Bioconductor / SparseArray

High-performance sparse data representation and manipulation in R
8 stars 2 forks source link

`nzwhich()` has integer overflow for a large `dgCMatrix` #16

Closed LTLA closed 2 months ago

LTLA commented 2 months ago
x <- Matrix::rsparsematrix(1e6, 1e6, 0.000001)
nzwhich(x, arr.ind=TRUE)
## Error in .Call2("C_Lindex2Mindex", Lindex, dim, use.names, PACKAGE = "S4Arrays") :
##   Lindex[2147] is NA
## In addition: Warning message:
## In x_nrow * seq_len(x_ncol) : NAs produced by integer overflow

By comparison, which(x != 0, arr.ind=TRUE) works as expected.

Session information ``` R version 4.4.1 Patched (2024-06-20 r86796) Platform: aarch64-apple-darwin22.6.0 Running under: macOS Ventura 13.6.7 Matrix products: default BLAS: /Users/luna/Software/R/R-4-4-branch/lib/libRblas.dylib LAPACK: /Users/luna/Software/R/R-4-4-branch/lib/libRlapack.dylib; LAPACK version 3.12.0 locale: [1] en_US.UTF-8/en_US.UTF-8/en_US.UTF-8/C/en_US.UTF-8/en_US.UTF-8 time zone: America/Los_Angeles tzcode source: internal attached base packages: [1] stats4 stats graphics grDevices utils datasets methods [8] base other attached packages: [1] beachmat_2.21.3 SparseArray_1.5.17 S4Arrays_1.5.3 [4] IRanges_2.39.1 abind_1.4-5 S4Vectors_0.43.1 [7] MatrixGenerics_1.17.0 matrixStats_1.3.0 BiocGenerics_0.51.0 [10] Matrix_1.7-0 loaded via a namespace (and not attached): [1] zlibbioc_1.51.1 lattice_0.22-6 XVector_0.45.0 [4] grid_4.4.1 DelayedArray_0.31.6 compiler_4.4.1 [7] tools_4.4.1 Rcpp_1.0.12 crayon_1.5.3 ```
hpages commented 2 months ago

Thanks. Fixed in SparseArray 1.5.18.

By comparison, which(x != 0, arr.ind=TRUE) works as expected.

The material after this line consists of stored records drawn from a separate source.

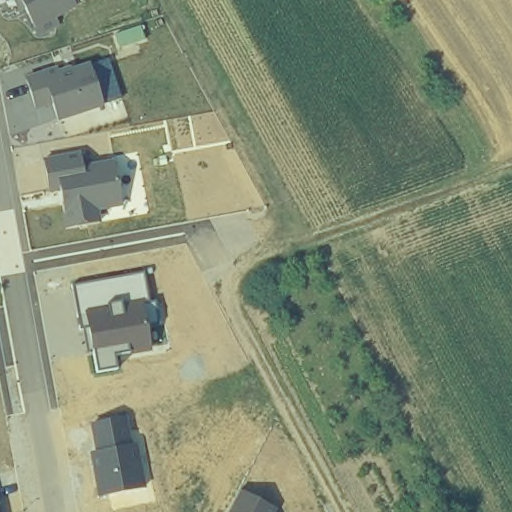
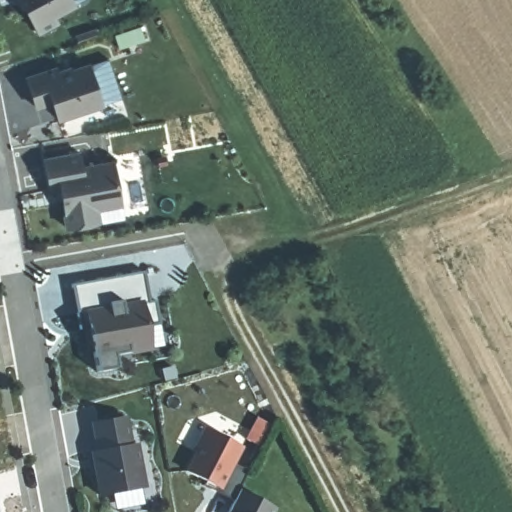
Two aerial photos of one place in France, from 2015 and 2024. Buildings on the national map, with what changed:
unchanged [(78,4),(37,28),(19,0),(75,0),(78,4)]
unchanged [(25,76),(60,65),(62,72),(108,58),(123,99),(105,106),(57,121),(52,106),(36,110),(25,76)]
unchanged [(44,159),(80,151),(80,152),(83,163),(110,157),(123,201),(95,207),(100,222),(70,227),(62,191),(50,192),(44,159)]
unchanged [(90,325),(80,327),(73,285),(145,271),(155,319),(146,321),(151,347),(114,354),(118,368),(100,372),(90,325)]
unchanged [(99,496),(91,453),(97,451),(90,424),(122,417),(130,445),(136,444),(146,487),(99,496)]
new [(203,487),(206,482),(185,471),(195,452),(192,451),(205,427),(243,449),(235,465),(247,472),(233,498),(203,487)]
unchanged [(277,509),(277,512),(229,512),(241,490),(277,509)]

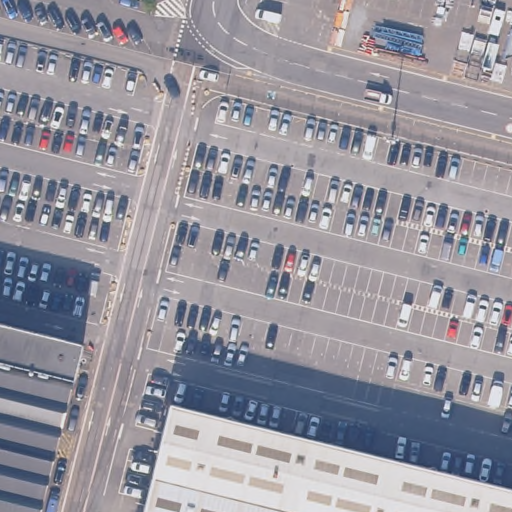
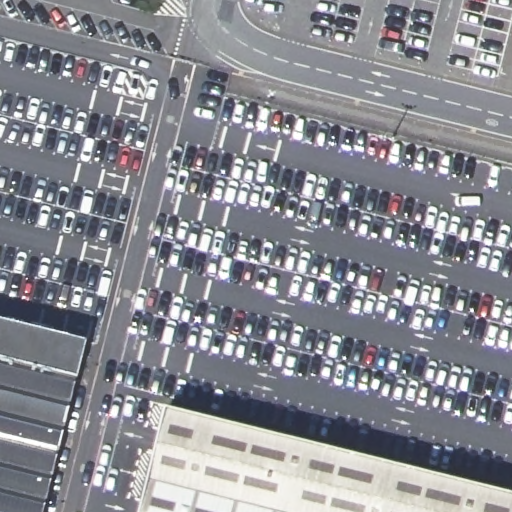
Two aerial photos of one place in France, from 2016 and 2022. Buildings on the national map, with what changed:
unchanged [(86,343),(44,512),(0,512),(0,322),(86,343)]
unchanged [(512,512),(144,512),(171,400),(512,484),(512,512)]

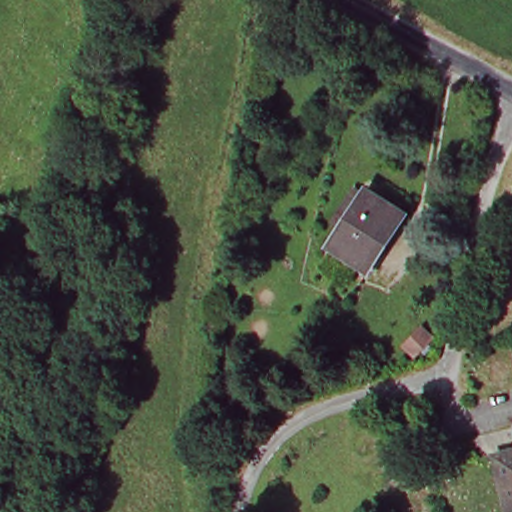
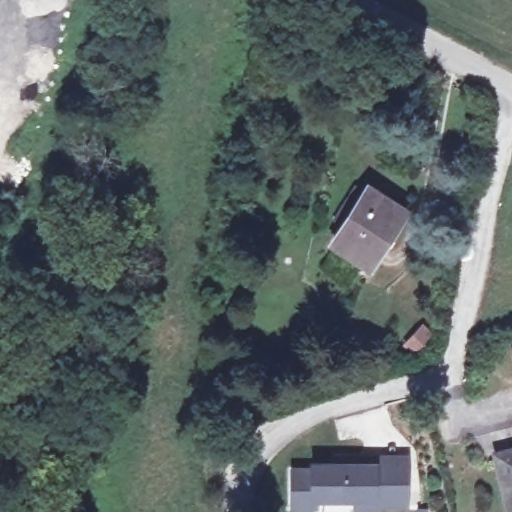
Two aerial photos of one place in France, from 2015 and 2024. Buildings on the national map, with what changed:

Not if x contains NAs. FWIW the default nzwhich() method does something like that:

> SparseArray:::default_nzwhich
function (x, arr.ind = FALSE) 
{
    if (!isTRUEorFALSE(arr.ind)) 
        stop(wmsg("'arr.ind' must be TRUE or FALSE"))
    zero <- vector(type(x), length = 1L)
    is_nonzero <- x != zero
    which(is_nonzero | is.na(is_nonzero), arr.ind = arr.ind, 
        useNames = FALSE)
}
<bytecode: 0x60cef6bfdaa0>
<environment: namespace:SparseArray>

However it's very inefficient on a big dg[C|R]Matrix object hence the dedicated methods for CsparseMatrix and RsparseMatrix objects.